_____
“SYSTEM! USE [Enhance Musculature] NOW!” Nata screamed.
Her silver mane whipped behind her, and her otherwise regal features were covered in sand and scrunched into a desperate grimace.
“PLEASE!”
A flush of rose-colored mana infused her muscles, as she heaved the form of her unconscious companion over her shoulder and began sprinting across the billowing dunes, desperately racing away from her pursuer.
The Ataraxian coastal desert was usually unbearably hot, but her frostbitten skin spoke otherwise. Nata heard a sound like the groaning of a mountain, feeling the reverberations echo through her bones. A deep, resonant hum announced the charging of a construct of mana many hundreds of times more powerful than anything she could cast. She dared to look behind her.
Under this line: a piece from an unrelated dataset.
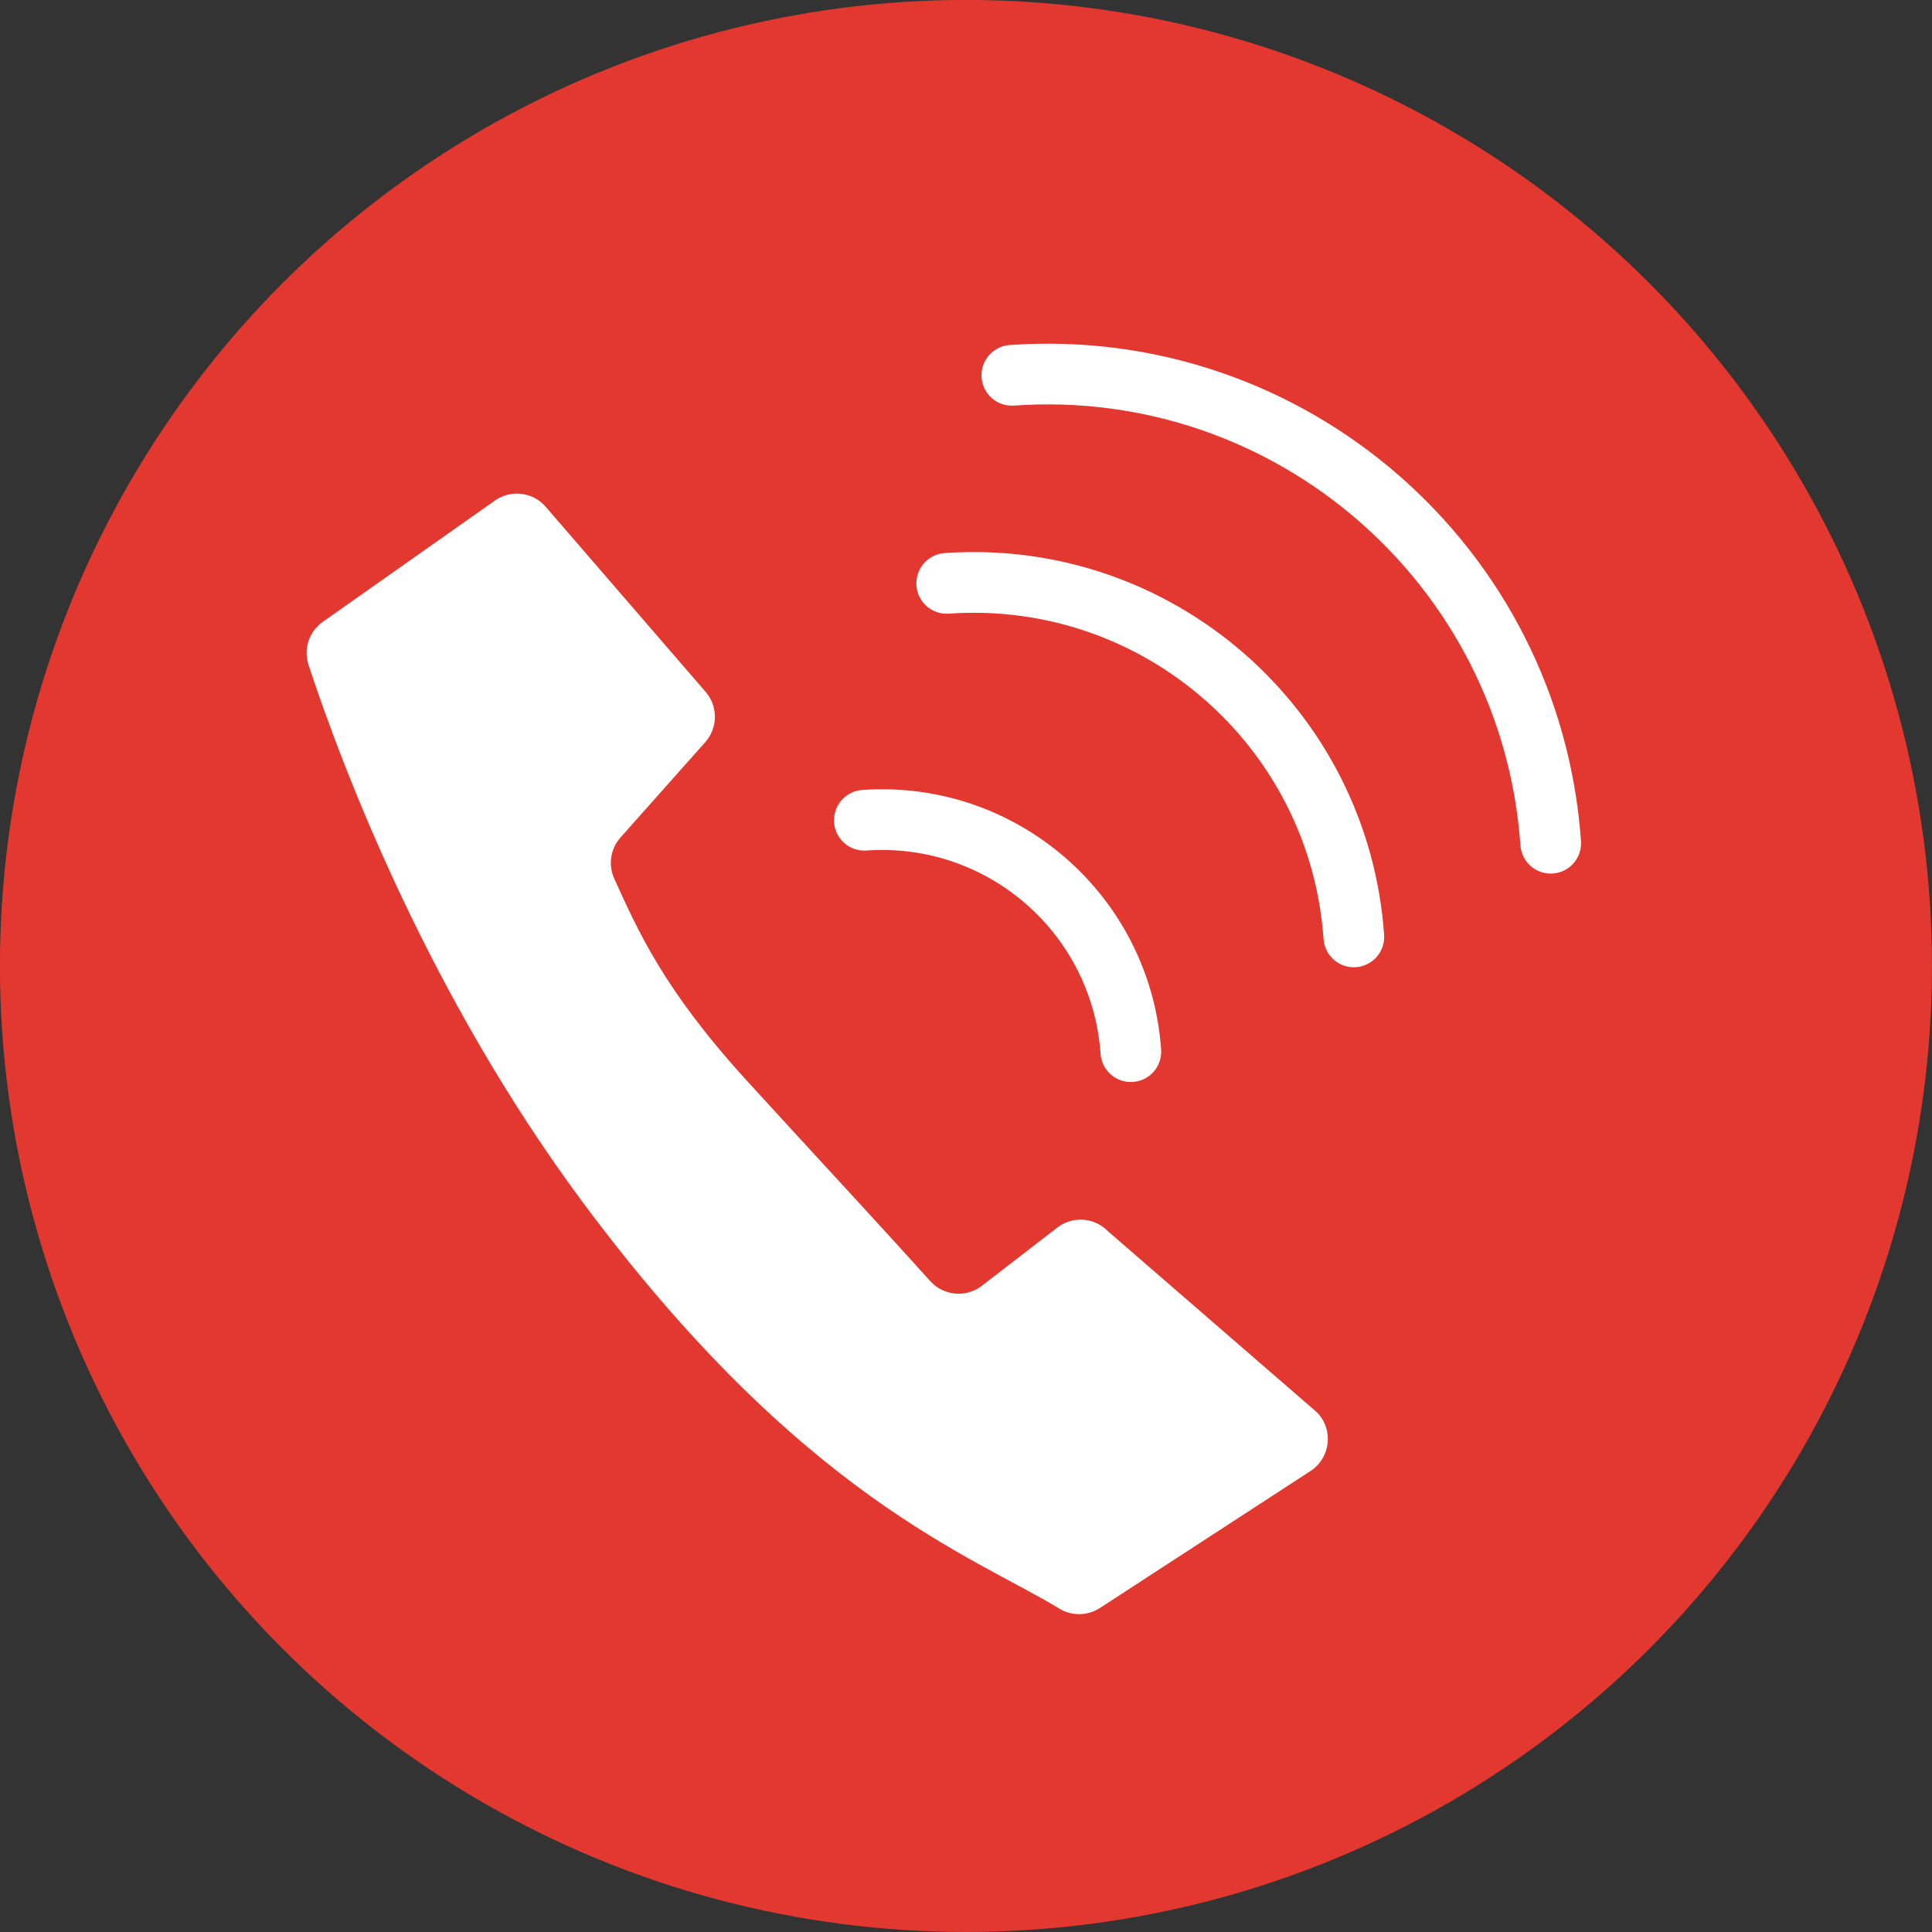 <?xml version="1.0" encoding="UTF-8" standalone="no"?><svg xmlns="http://www.w3.org/2000/svg" xmlns:xlink="http://www.w3.org/1999/xlink" fill="#000000" height="1877.5" preserveAspectRatio="xMidYMid meet" version="1" viewBox="61.3 61.3 1877.5 1877.5" width="1877.5" zoomAndPan="magnify"><rect x="61.3" y="61.3" width="1877.5" height="1877.5" fill="#333333" stroke="none"/><g id="change1_1"><circle cx="1000" cy="1000" fill="#e3382f" r="938.75"/></g><g id="change2_1"><path d="M626.59,1228.27c213.17,287.53,378.95,344.54,464.2,396.28c12.18,7.39,27.5,7.14,39.44-0.63l204.61-133.1 c19.55-12.71,22.65-40.1,6.44-56.86l-203.25-176.11c-12.89-13.33-33.64-15.09-48.59-4.13l-74.67,57.63 c-15.35,11.26-36.73,9.07-49.47-5.07c-57.04-63.3-109.59-119.59-178.36-194.91c-81.12-88.85-106.13-146.63-128.69-196.15 c-6.09-13.36-3.73-29.05,6.02-40.02l82.4-92.7c12-13.5,12.53-33.69,1.24-47.8l-155.36-179.8c-12.25-15.31-34.29-18.44-50.31-7.15 L374.99,665.6c-13.35,9.4-18.98,26.42-13.86,41.92C396.24,813.92,479.63,1030.05,626.59,1228.27z" fill="#ffffff"/></g><g fill="none" stroke="#ffffff" stroke-linecap="round" stroke-linejoin="round" stroke-miterlimit="10" stroke-width="59"><path d="M1044.6,426.02c270.17-19.04,504.62,184.55,523.66,454.72"/><path d="M981.31,628.22c204.12-14.38,381.25,139.43,395.63,343.55"/><path d="M901.27,858.4c133.62-9.41,249.56,91.27,258.98,224.89"/></g></svg>

A shambling cathedral sculpted from sand and ice cut through the desert at an alarming pace. The towering construct’s many buttresses and spires continuously sloughed off into the sand and reformed themselves out of the surrounding desert as it traveled. Embedded into the side of the main tower like a studded gemstone, a faceted glass display pulsed with stored magic.
At the topmost spire, a grand witch of the royal coven of Ai-Khanoum stood on her creation, charging a spell of immense power. She wore an elaborate, bejeweled dress that sparkled like white lightning in the desert sun, and the upper half of her face was obscured by a massive headdress- a crown of crystalline spikes. Glittering blue and white mana in flavors of ice and wind swirled around the witch’s hands, ebbing and flowing around her. The energy whirled into sharp angles, painting contracts and empty promises in mid-air, invoking the spirits of icy wrath into form.
The witch completed her spell.
The crystal coffin embedded in the sand castle erupted in a cascade of power, and the air around it rippled in anticipation. A great beam of light erupted from the magic battery, shooting out towards the running girl with a droning hum. She ran faster, but the beam showed no signs of stopping. Everywhere the torrential beam touched, massive tree-sized crystals of ice shot out of the ground.
Nata ripped across the sand with no thought spared towards anything except survival for herself and her closest friend. She pushed off the sand with a groan, dashing away from the witch and her sand castle.
Sprays of hail and frost erupted around the desert wherever the beam went. The already haggard ecosystem of the arid coastal desert was ill-suited to defend against the devastation, leaving upheaved patches of sandstone and craters of frost.
Nata nearly lost her grip on her passenger, whipping his emaciated body around into a princess carry.
He winced, the agony of being moved jolting him out of unconsciousness. He opened an inhuman, golden sclera-bearing eye. He looked up at Nata’s focused and panicked expression as her labored breathing beat against his forehead.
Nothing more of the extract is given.